Une introduction dans un devoir de SVT répond à des critères importants qu’il ne faut pas négliger. Il est ainsi nécessaire de commencer par une contextualisation du sujet afin d’amener l’évaluateur·rice à entrer dans le thème et l’idée générale du sujet. Une problématique devrait ensuite émerger de cette approche. Suivra enfin l’annonce du plan qui doit correspondre aux différentes étapes permettant d’apporter des réponses à la problématique formulée.

Vous êtes-vous déjà surpris, lors d’une glissade, à vous demander comment vous avez pu vous rattraper avant même de réellement vous rendre compte de votre déséquilibre ? Beau réflexe ! Mais s’agit-il vraiment d’un réflexe ? Comment les cellules musculaires de vos cuisses ou jambes ont-elles pu réagir si vite ?
Dans ce devoir, nous tâcherons de mettre en évidence qu’un réflexe obéit à une suite d’événements précis afin d’aboutir à une réponse ciblée. Nous nous focaliserons ici sur le cas d’un réflexe dit myotatique provoqué par une glissade du pied. Nous verrons dans un premier temps le trajet de l’information dite sensorielle, puis nous évoquerons le mécanisme de contraction musculaire des cellules concernées.
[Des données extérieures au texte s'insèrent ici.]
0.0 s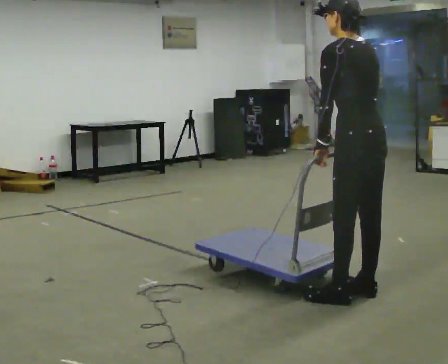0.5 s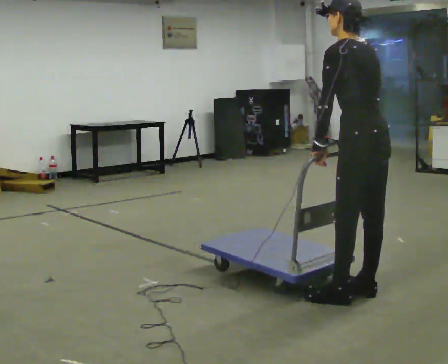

Le réflexe myotatique : un exemple de boucle de régulation

En biologie, un réflexe ne signifie pas « exécuter un mouvement rapidement ». Il répond à une définition précise et permet à l’organisme de répondre à une situation potentiellement dangereuse. Pour cela, une suite d’événements se met en place et correspond à une boucle de régulation classique construite sur le modèle suivant :

IMG01 « Schéma 1 – Le circuit général d’un réflexe : l’arc réflexe »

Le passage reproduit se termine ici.